The study explores the potential of nano concrete in shield walls, in the absence of due studies from an attenuation point of view.
The study adopts a conceptual and an experimental approach to explore the potential of nano concrete in enhancing durability and attenuation of radiation for shield walls. The methodology involves avoiding fine and coarse aggregates and availing fly ash both as pozzolan and micro-aggregate to refine the microstructure and reduce porosity. Laboratory trials were conducted to evaluate mechanical strength, permeability and long-term durability under simulated environmental conditions. Comparative analysis was carried out between standard concrete and nano concrete mixes to highlight improvements in microstructure and service life. In addition, attenuation properties have yet to be conducted by exposing prepared specimens blended with radiation-resistant chemicals to radiation sources, measuring the reduction in intensity through various compositions across varying thicknesses.
The findings indicate that nano concrete, with its ceramic-like microstructure, significantly improves its pore refinement, impermeability, durability and service life, added with superior strengths.
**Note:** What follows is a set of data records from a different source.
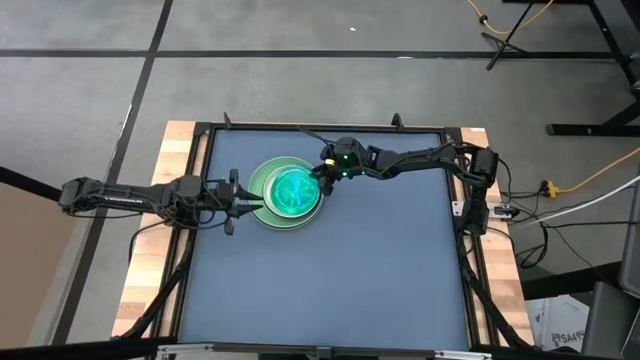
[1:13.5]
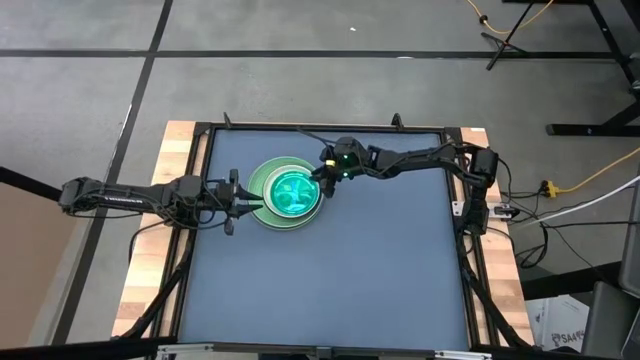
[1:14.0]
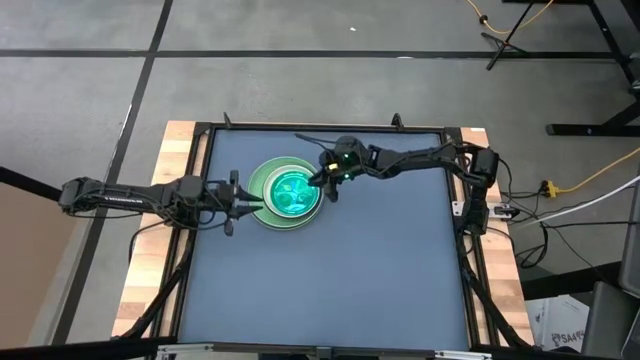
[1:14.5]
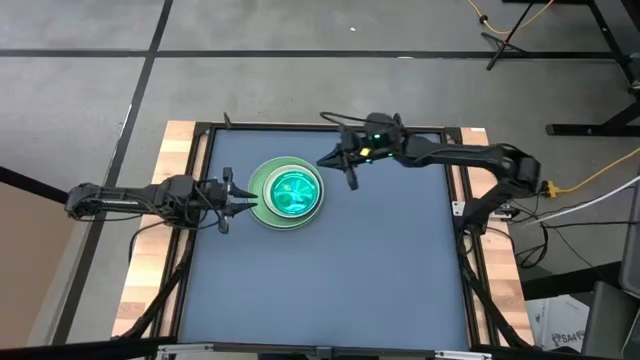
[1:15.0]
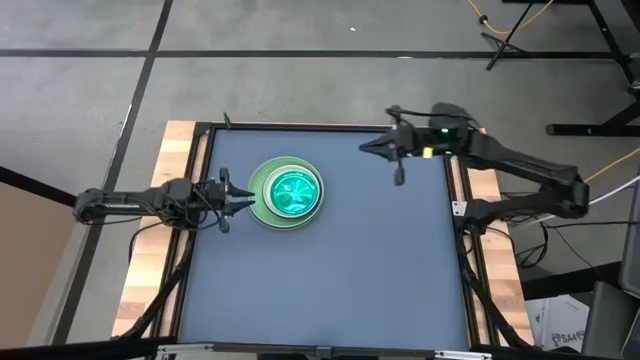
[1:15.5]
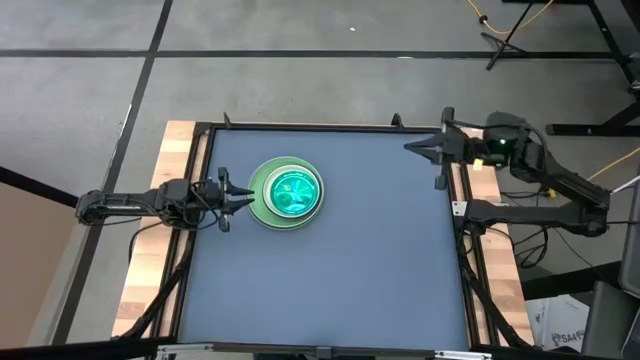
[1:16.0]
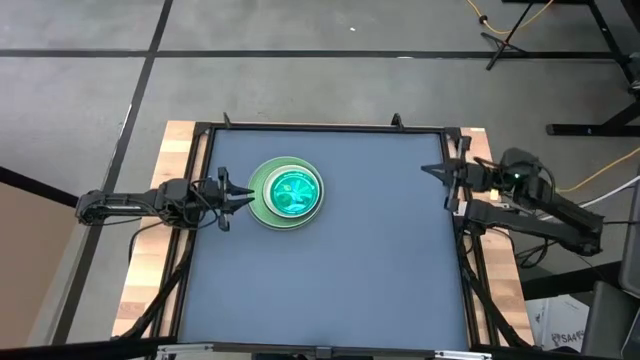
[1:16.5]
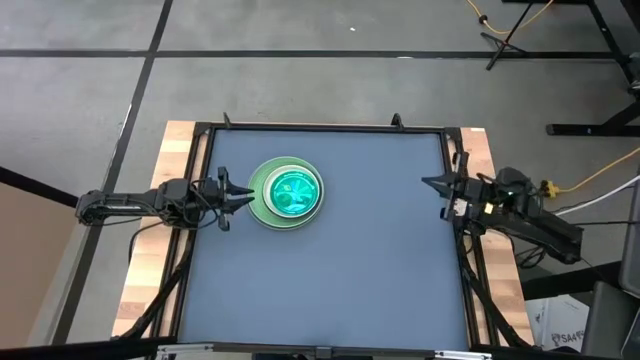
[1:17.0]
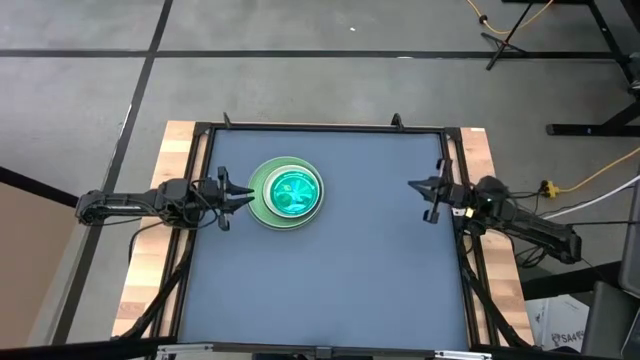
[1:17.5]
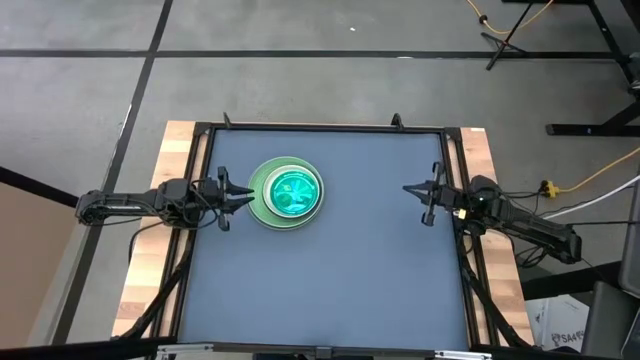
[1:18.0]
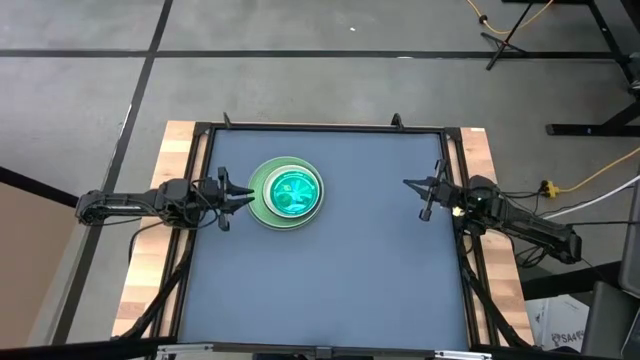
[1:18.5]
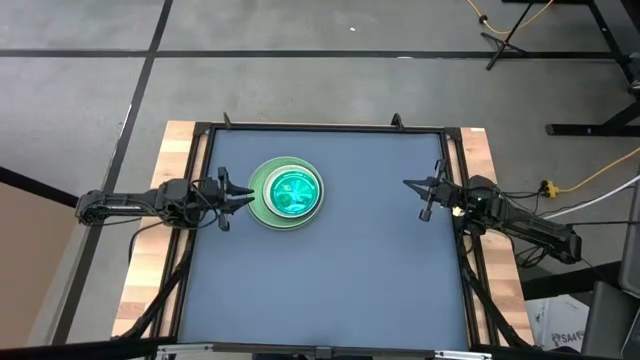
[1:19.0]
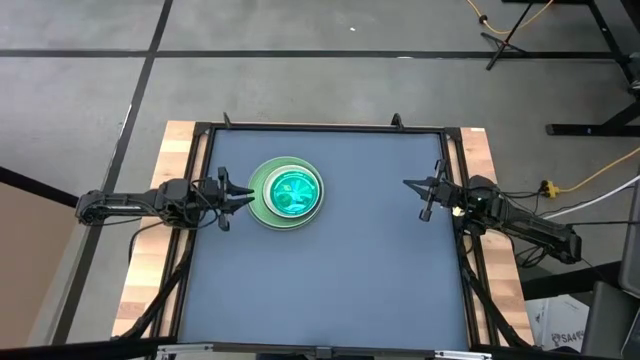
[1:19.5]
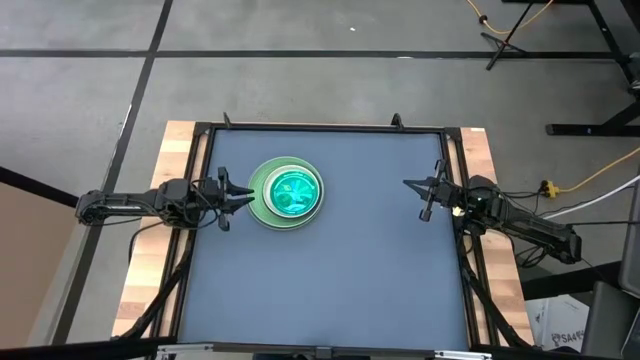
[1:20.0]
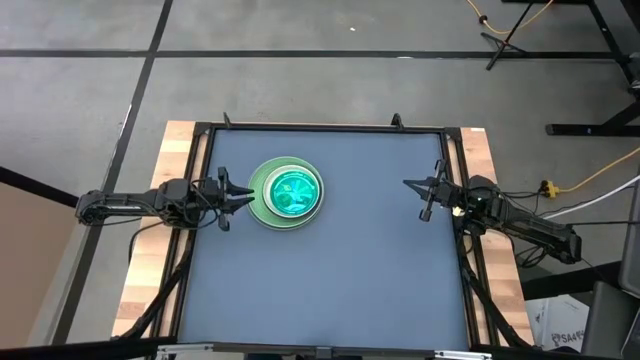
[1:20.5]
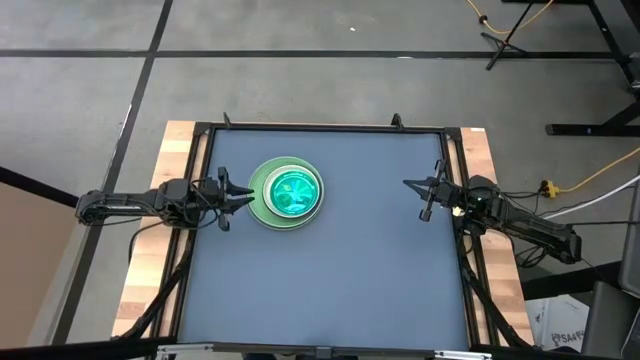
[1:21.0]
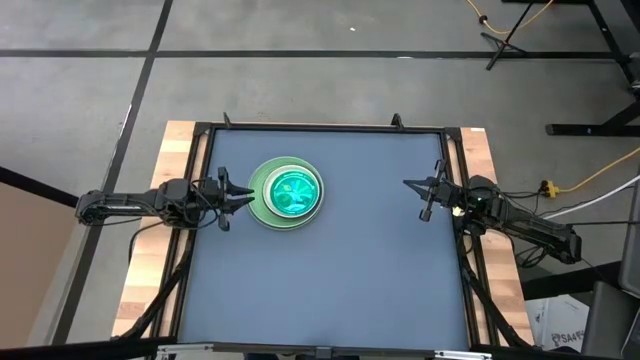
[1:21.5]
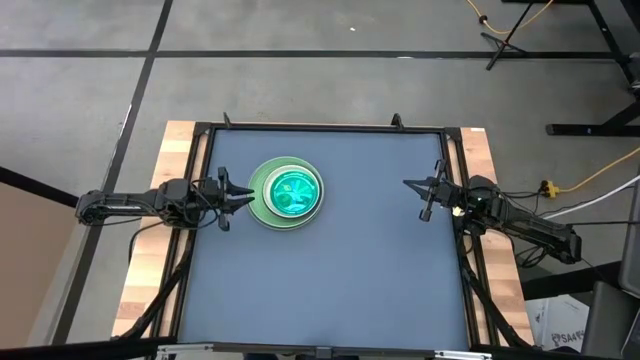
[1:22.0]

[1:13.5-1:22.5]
Task: Stack plastic plates
Return to Home Position

The presence of mullite at >20% in fly ash renders its part of attenuation to moderate levels. The practical implications of this study suggest that nano concrete can significantly enhance the service life and functional performance of shield walls in critical infrastructure. By pore refinement and improved microstructural integrity, the material offers better resistance to environmental degradation, thereby lowering maintenance costs and extending service life.
While the study presents insights into nano concrete for durability, the economic feasibility and the potential performance against radiation attenuation have yet to be established.